Con una pronuncia del 22/06/2021, ancora non pubblicata, la Corte Costituzionale si è pronunciata dichiarando l’incostituzionalità dell’articolo 13 della legge sulla stampa (L. 08/02/1948, n. 47) che prevede obbligatoriamente la reclusione da uno a sei anni insieme al pagamento di una multa, nel caso di condanna per diffamazione a mezzo stampa compiuta mediante l’attribuzione di un fatto determinato.
In attesa di conoscere le precise motivazioni della pronuncia di incostituzionalità, si riporta testualmente il comunicato stampa della Consulta:
«la Corte costituzionale ha esaminato oggi le questioni sollevate dai Tribunali di Salerno e di Bari sulla legittimità costituzionale della pena detentiva prevista per la diffamazione a mezzo stampa, per contrasto, tra l’altro,con l’articolo 21 della Costituzione e con l’articolo 10 della Convenzione europea dei diritti dell’uomo. Le questioni sono tornate all’esame della Corte un anno dopo l’ordinanza n. 132 del 2020 che sollecitava il legislatore a una complessiva riforma della materia. In attesa del deposito della sentenza, l’Ufficio stampa fa sapere che la Corte, preso atto del mancato intervento del legislatore, ha dichiarato incostituzionale l’articolo 13 della legge sulla stampa (n. 47 del 1948) che fa scattare obbligatoriamente, in caso di condanna per diffamazione a mezzo stampa compiuta mediante l’attribuzione di un fatto determinato, la reclusione da uno a sei anni insieme al pagamento di una multa. È stato invece ritenuto compatibile con la Costituzione l’articolo 595, terzo comma, del Codice penale, che prevede, per le ordinarie ipotesi di diffamazione compiute a mezzo della stampa o di un’altra forma di pubblicità, la reclusione da sei mesi a tre anni oppure, in alternativa, il pagamento di una multa.
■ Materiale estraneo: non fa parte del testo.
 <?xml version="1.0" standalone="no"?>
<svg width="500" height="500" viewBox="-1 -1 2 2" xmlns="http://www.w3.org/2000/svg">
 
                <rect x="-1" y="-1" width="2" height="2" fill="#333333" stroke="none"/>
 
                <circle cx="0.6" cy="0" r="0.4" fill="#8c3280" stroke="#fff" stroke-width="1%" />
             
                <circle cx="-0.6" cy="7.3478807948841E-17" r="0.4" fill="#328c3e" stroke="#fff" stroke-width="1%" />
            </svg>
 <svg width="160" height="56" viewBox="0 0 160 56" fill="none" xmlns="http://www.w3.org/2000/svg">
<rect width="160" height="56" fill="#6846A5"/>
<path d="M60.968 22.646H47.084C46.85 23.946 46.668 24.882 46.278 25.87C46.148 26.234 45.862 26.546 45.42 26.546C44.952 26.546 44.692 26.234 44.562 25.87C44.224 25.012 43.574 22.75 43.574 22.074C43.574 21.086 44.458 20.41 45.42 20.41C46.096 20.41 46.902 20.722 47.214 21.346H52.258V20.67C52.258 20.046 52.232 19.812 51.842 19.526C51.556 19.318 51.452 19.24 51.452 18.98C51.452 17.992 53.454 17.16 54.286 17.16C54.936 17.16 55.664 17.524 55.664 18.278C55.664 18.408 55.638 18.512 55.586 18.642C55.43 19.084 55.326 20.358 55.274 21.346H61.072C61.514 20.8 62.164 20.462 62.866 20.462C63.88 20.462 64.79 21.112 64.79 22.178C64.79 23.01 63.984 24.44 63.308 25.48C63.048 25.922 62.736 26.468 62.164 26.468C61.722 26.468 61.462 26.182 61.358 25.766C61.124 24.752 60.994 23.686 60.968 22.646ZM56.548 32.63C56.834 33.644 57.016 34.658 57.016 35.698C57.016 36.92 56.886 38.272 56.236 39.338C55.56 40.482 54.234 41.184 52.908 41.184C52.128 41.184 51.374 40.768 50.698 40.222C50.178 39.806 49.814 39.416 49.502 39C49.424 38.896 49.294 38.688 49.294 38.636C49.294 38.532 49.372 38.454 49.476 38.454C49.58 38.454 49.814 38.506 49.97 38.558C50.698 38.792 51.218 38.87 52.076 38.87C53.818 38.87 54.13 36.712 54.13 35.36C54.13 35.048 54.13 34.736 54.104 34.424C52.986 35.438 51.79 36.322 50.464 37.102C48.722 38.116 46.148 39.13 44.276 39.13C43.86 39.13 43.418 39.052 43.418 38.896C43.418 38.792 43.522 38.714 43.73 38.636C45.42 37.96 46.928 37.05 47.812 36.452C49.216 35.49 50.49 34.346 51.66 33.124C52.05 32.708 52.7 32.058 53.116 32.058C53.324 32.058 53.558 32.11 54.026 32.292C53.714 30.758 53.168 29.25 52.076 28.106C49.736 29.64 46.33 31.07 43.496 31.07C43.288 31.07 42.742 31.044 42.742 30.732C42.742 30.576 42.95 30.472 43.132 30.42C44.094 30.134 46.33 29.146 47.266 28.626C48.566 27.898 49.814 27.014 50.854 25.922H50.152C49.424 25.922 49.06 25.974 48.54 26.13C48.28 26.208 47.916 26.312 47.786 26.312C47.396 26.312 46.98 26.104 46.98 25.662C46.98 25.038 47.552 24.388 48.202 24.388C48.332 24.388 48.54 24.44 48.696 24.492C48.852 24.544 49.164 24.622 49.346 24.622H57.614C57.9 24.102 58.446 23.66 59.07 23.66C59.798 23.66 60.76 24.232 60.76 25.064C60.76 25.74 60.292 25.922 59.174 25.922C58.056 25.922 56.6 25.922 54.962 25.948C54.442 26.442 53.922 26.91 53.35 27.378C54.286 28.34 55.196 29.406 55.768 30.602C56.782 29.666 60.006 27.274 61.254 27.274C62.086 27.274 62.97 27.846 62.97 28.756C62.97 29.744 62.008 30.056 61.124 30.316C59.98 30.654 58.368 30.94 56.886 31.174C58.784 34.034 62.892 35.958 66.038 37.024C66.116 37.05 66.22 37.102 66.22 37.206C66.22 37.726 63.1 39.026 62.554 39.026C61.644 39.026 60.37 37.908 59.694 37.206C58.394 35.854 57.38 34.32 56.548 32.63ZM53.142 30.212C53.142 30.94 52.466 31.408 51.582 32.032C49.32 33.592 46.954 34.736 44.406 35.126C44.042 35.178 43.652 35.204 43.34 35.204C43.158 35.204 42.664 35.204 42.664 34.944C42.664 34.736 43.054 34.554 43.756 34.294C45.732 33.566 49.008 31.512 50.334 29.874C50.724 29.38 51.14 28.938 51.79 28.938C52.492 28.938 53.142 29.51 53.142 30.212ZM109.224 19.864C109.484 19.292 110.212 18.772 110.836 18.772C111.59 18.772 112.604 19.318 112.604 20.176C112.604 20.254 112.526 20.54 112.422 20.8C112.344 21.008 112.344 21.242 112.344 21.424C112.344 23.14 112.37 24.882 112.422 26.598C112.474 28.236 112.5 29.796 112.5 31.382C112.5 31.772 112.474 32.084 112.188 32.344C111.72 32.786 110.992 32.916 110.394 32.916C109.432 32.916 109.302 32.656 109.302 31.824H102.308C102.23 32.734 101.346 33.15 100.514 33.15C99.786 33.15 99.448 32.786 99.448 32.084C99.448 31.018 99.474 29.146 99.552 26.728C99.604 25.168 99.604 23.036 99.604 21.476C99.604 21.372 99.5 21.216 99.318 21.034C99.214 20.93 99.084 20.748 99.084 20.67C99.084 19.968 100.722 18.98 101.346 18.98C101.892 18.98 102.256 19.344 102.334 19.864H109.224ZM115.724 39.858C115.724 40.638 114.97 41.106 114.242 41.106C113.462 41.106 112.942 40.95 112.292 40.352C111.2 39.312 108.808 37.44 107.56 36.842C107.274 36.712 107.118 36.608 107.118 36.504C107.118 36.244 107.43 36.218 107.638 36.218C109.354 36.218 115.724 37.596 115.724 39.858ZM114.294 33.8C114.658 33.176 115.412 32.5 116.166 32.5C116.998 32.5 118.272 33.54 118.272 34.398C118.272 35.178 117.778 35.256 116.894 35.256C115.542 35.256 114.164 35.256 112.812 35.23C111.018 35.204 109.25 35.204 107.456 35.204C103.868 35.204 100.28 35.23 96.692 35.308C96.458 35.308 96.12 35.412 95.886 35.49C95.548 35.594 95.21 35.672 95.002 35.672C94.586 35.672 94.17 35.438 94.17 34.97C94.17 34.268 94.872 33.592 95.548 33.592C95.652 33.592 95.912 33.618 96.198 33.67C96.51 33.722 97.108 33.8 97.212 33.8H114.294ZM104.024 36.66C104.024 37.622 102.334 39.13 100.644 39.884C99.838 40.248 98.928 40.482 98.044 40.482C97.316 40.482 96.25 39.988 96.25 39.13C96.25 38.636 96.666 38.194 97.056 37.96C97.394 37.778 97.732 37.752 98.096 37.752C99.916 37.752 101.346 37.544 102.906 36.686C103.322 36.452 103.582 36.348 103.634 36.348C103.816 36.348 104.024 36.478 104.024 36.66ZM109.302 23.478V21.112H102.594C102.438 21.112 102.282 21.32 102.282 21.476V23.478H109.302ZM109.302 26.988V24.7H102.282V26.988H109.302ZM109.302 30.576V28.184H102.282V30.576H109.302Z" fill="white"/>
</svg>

Quest’ultima norma consente infatti al giudice di sanzionare con la pena detentiva i soli casi di eccezionale gravità».
Interessante è la conclusione del comunicato stampa laddove precisa che:
«resta peraltro attuale la necessità di un complessivo intervento del legislatore, in grado di assicurare un più adeguato bilanciamento – che la Corte non ha gli strumenti per compiere – tra libertà di manifestazione del pensiero e tutela della reputazione individuale, anche alla luce dei pericoli sempre maggiori connessi all’evoluzione dei mezzi di comunicazione, già evidenziati nell’ordinanza 132».